Mysterious and abandoned for years, Howey Mansion was completed in 1927 for its owner, citrus magnate William Howey who founded the small town of Howey-in-the-Hills just north of Orlando, Florida. He was also the town mayor from 1925 to 1936 and twice ran unsuccessfully for Florida governor. The Mediterranean Revival-style house was one of the most opulent homes in the state of Florida and to celebrate its completion, Howey engaged the New York Civic Opera Company; 15,000 people came to hear them perform. Even President Calvin Coolidge was a guest in the early years when Howey hosted many dignitaries and the rich and famous.
Measuring in at 8,832 square feet, the mansion has eight bedrooms, eight bathrooms, and is sited on 3.63 acres. But it is not a ruin. Of course the red-tile roof needs thousands of dollars of repairs and the marble that was stripped from the tall foyer walls needs to be replaced, but the exquisite stained glass and wrought-iron banisters, sun room, giant pecky cypress front door and ballroom with its romantic upper terrace are intact, though the ceilings need a redo.
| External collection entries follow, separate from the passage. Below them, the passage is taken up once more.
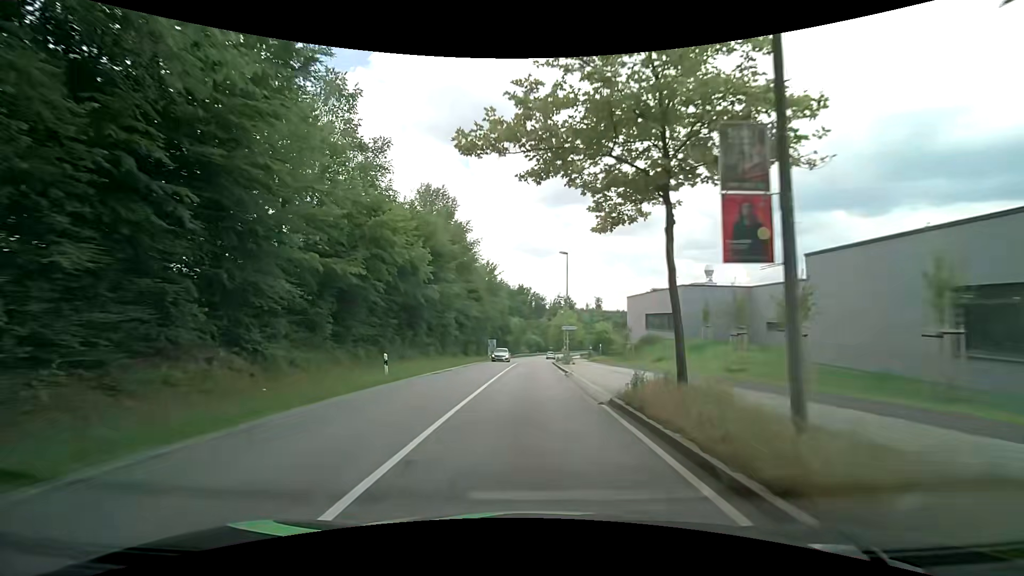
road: secondary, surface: asphalt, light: Day
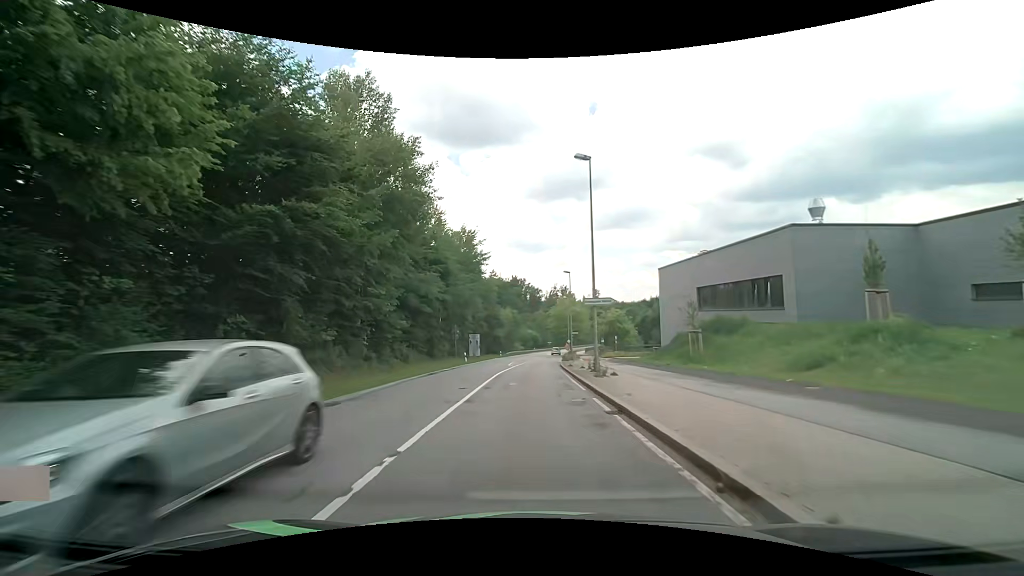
(+0.1, +22.7) m; 0°
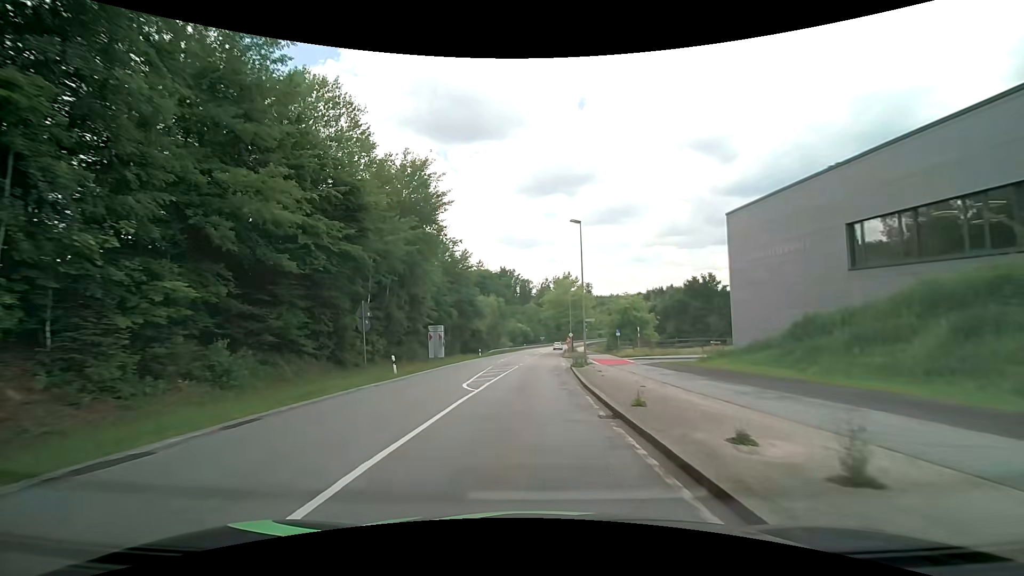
(+0.1, +22.2) m; +1°
(0, +10) (0, +20) (+1, +30) (+1, +40) (+1, +50) (+2, +60) (+2, +70) (+3, +80) (+4, +90) (+4, +100) m
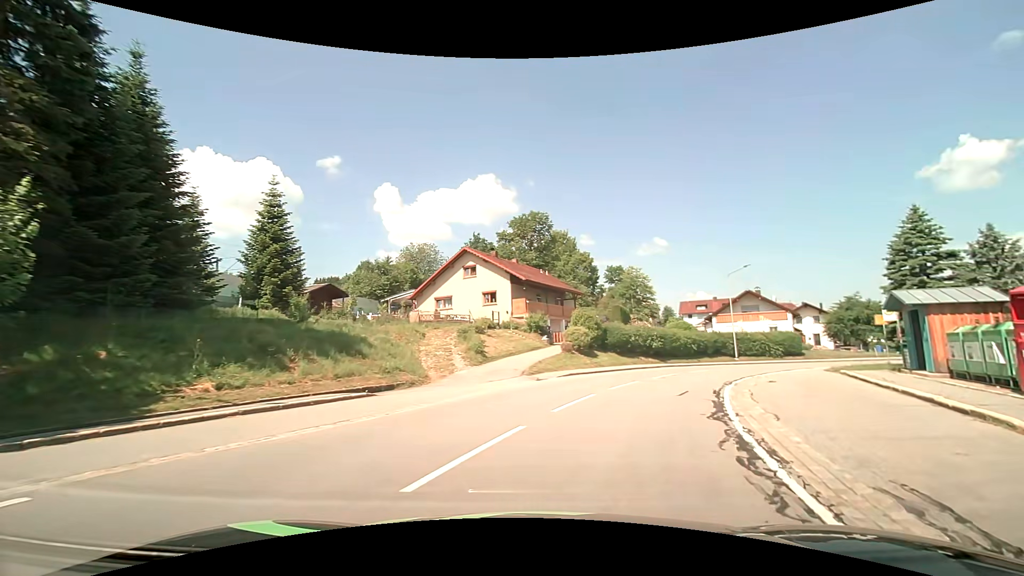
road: tertiary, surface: asphalt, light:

The mansion has had only one other owner, an heiress who died in 2015. The house foreclosed and has been sitting abandoned until April when the mortgage company put it on the market for $480,000. Bids started pouring in and it sold right away for an undisclosed amount considerably higher than the asking price. It is estimated that it will take another $3 million to restore it to its full glory.
The listing real estate agent said that the mansion was very creepy unless filled with potential buyers looking around, and that she would only feel secure with an entire football team as co-inhabitants. The new owner may occasionally think he’s hearing music when the house should be quiet. Will he know about the New York Civic Opera Company performing there so very long ago?